This I guess will just show my age, but I am soooo OK with this. Email should be just text, period. I personally believe that people should spend more time using complete sentences which includes punctuation and correct capitalization.
I guess I should get back to chiseling my notes on stone slabs now.....
At least then people will know why their email never got through. So many people use HTML email without being aware of it and don't realize that's what makes formatting possible.
Although the focus is on Outlook, it seems like there's an outside chance there may be other clients and web interfaces (namely all of them) that are vulnerable to most of the same problems....
I find HTML email useful for sending friends pictures with annotations, and I find numbered and bulleted lists useful visual aids for organizing information.
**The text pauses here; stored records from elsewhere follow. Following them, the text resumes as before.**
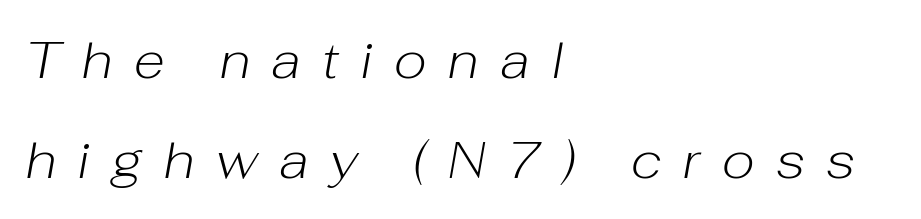
Q: Is the text bold? A: No.
Q: Is the text italic (slanted)? A: Yes, it leans right by about 10 degrees.
Q: Is the text underlined? A: No.
Q: How is the paragraph aligned? A: Left-aligned.
Q: Is the spacing between letters normal or unusually wide? A: Unusually wide.
Q: Is the spacing between lines tight, normal or loose? A: Loose.
Q: Width (condensed, normal, or wide)? A: Normal.
Q: Stroke contrast? A: Low.
Q: x-height? A: Medium.
Q: Monospaced? A: No.
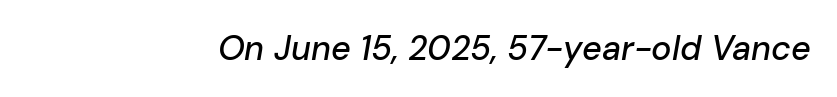
The image shows 34 px text type, italic (leaning right); set normal letter spacing, not underlined; low stroke contrast and a medium x-height.
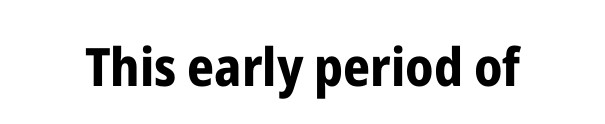
The image shows 53 px bold, condensed sans-serif type, upright; set normal letter spacing, not underlined; low stroke contrast and a medium x-height.
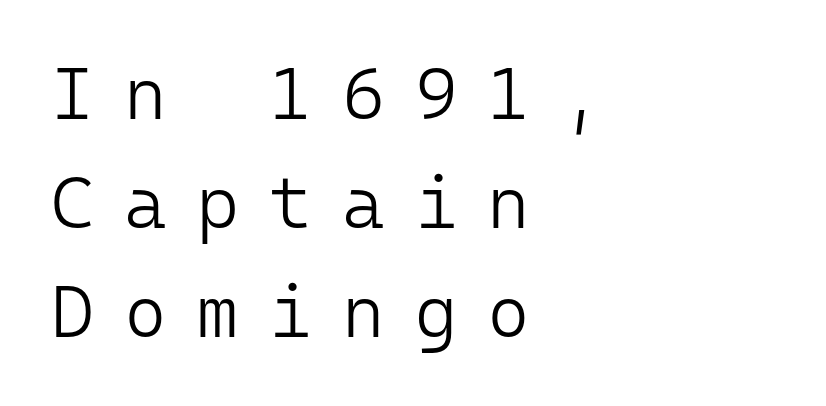
Q: Is the text bold? A: No.
Q: Is the text italic (slanted)? A: No, it is upright.
Q: Is the typeface a serif or a sans-serif typeface? A: Sans-serif.
Q: Is the text underlined? A: No.
Q: How is the paragraph aligned? A: Left-aligned.
Q: Is the spacing between letters normal or unusually wide? A: Unusually wide.
Q: Is the spacing between lines tight, normal or loose? A: Normal.
Q: Width (condensed, normal, or wide)? A: Normal.
Q: Stroke contrast? A: Low.
Q: x-height? A: Medium.
Q: Monospaced? A: Yes.
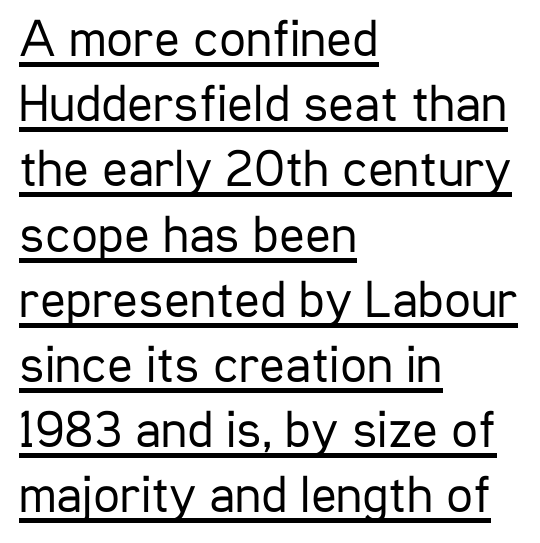
Q: Is the text bold? A: No.
Q: Is the text italic (slanted)? A: No, it is upright.
Q: Is the typeface a serif or a sans-serif typeface? A: Sans-serif.
Q: Is the text underlined? A: Yes.
Q: How is the paragraph aligned? A: Left-aligned.
Q: Is the spacing between letters normal or unusually wide? A: Normal.
Q: Width (condensed, normal, or wide)? A: Condensed.
Q: Stroke contrast? A: Low.
Q: x-height? A: Medium.
Q: Monospaced? A: No.
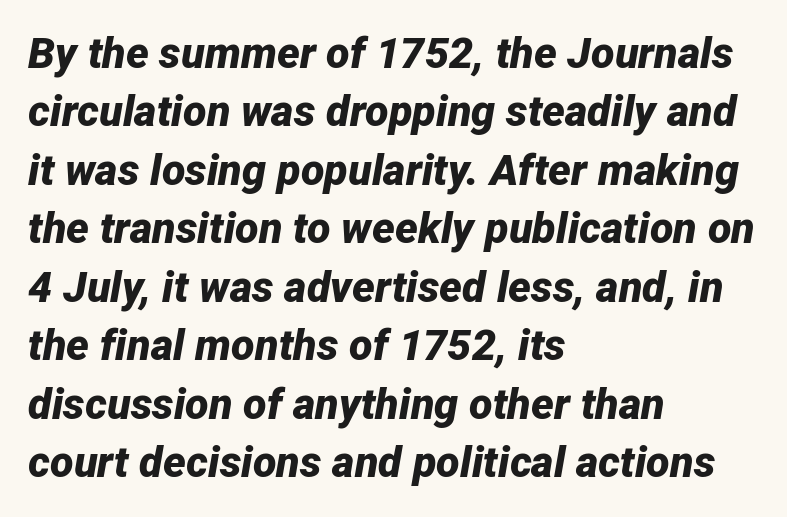
Q: Is the text bold? A: Yes.
Q: Is the text italic (slanted)? A: Yes, it leans right by about 12 degrees.
Q: Is the text underlined? A: No.
Q: How is the paragraph aligned? A: Left-aligned.
Q: Is the spacing between letters normal or unusually wide? A: Normal.
Q: Is the spacing between lines tight, normal or loose? A: Normal.
Q: Width (condensed, normal, or wide)? A: Normal.
Q: Stroke contrast? A: Low.
Q: x-height? A: Medium.
Q: Monospaced? A: No.
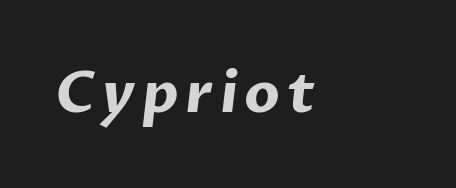
{"serif": "no", "bold": "yes", "weight": "bold", "width": "normal", "stroke_contrast": "low", "x_height": "medium", "monospaced": "no", "underline": "no", "glyph_px": 57}
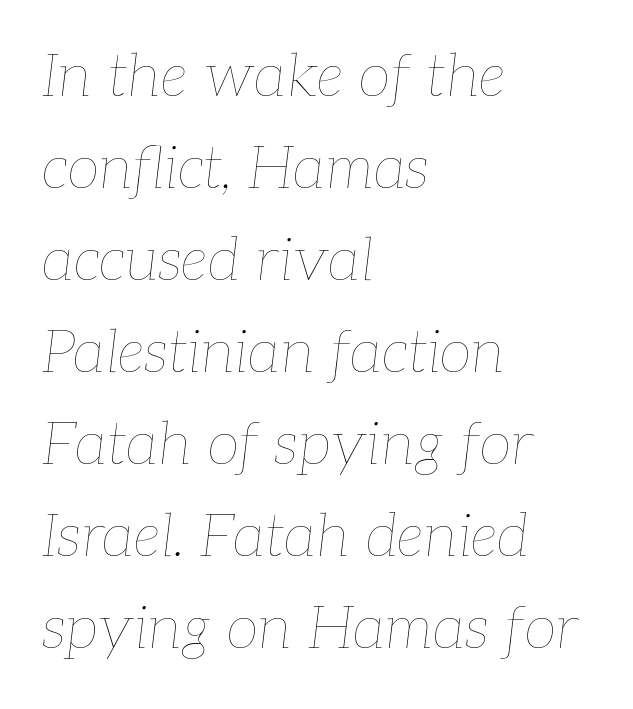
The image shows 59 px thin type, italic (leaning right); set left-aligned, normal line spacing (1.56x), normal letter spacing, not underlined; low stroke contrast and a medium x-height.

That said, Javascript should obviously be banned, and I wouldn't care if CSS wasn't supported. (CSS can be used to hide things deceitfully.)
Basically, I'd like to see BBCode used for emails, lol!
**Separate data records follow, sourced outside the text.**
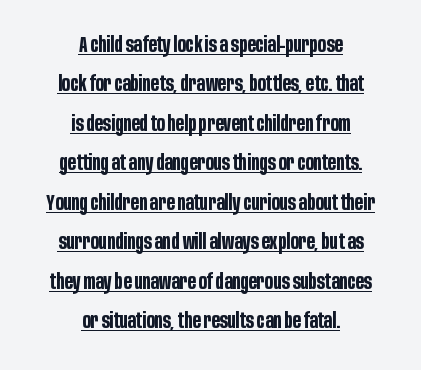
A full-strength bold gives these letters their thick strokes. The lines in this sample share a center point and differ in where they start and stop. A rule runs beneath these lines of type. Characters follow at the spacing the type designer built in. Upright lettering throughout.
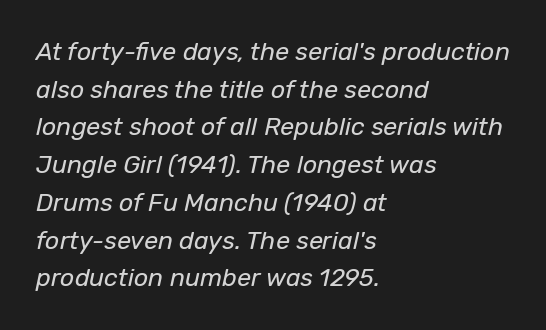
The image shows 25 px text type, italic (leaning right); set left-aligned, normal line spacing (1.51x), normal letter spacing, not underlined.
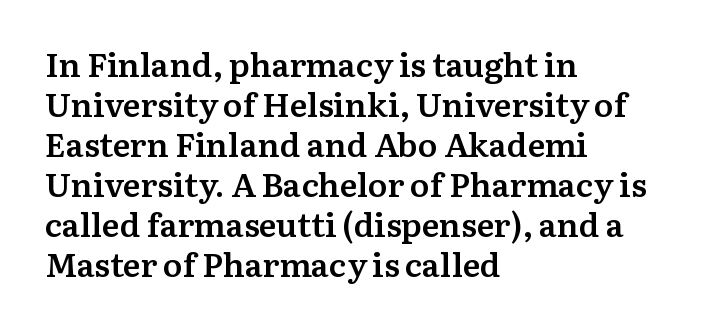
The image shows 33 px semibold serif type, upright; set left-aligned, line spacing 1.21x, normal letter spacing, not underlined; medium stroke contrast and a medium x-height.
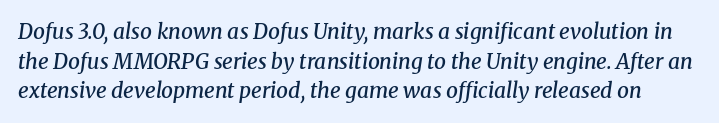
The image shows 21 px text type, italic (leaning right); set normal line spacing (1.41x), normal letter spacing, not underlined.
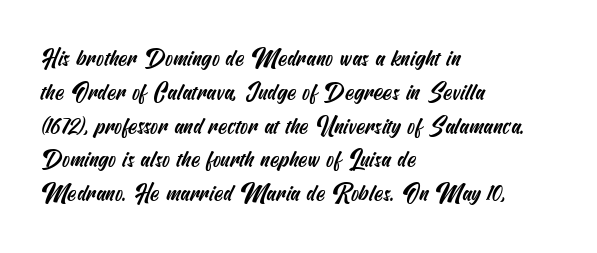
The image shows 23 px text type; set left-aligned, normal line spacing (1.47x), normal letter spacing, not underlined.

That's stupid. The problem is not with HTML mail (which is generated by many people unknowingly). They could just standarize in a safe mail program, with some mandatory defaults. They could force the use of a modified version of Thunderbird forcing the (already existing) oprion of "Disable JavaScript" off. Another interesting Thunderbird feature is the ability to "sanitize HTML", that is, remove from the HTML view anything that isn't strictly formatting (paragraphs, bullet lists, etc.).
however stripping HTML would be a better option as emails are usually sent as text/plain and text/html combined
blocking is just too drastic , perhaps IM would be a better option
If the DoD cannot find a solution to this kind of email, they should outsource its management to countries like India and Russia. Isn't it true that a good amount of our defense contracts are outsourced?
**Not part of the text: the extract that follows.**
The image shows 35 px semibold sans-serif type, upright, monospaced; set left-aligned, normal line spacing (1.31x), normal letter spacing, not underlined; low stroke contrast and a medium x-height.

That's as obvious as the department of homeland security closing the borders!
I applaud the effort, but why did they take so long to wise up even this much?
Lynx.
Get rid of IE.
Although vanilla access to OWA is being blocked, there are still ways to get to your email from outside of the network (mainly what OWA was used for, anyhow). You can VPN into the network, log on to OWA using your CAC (common access card, smart card, etc), use your Blackberry (assuming your rank is high enough to get one ;)).
So instead of just plain old OWA sitting out there waiting for anyone to type in a username and password, they've upped the security a little bit. Yes, it's making us jump through hoops a little (for myself, need to stand up an ASA5510 as a VPN concentrator to receive outside connections), but it's not impossible.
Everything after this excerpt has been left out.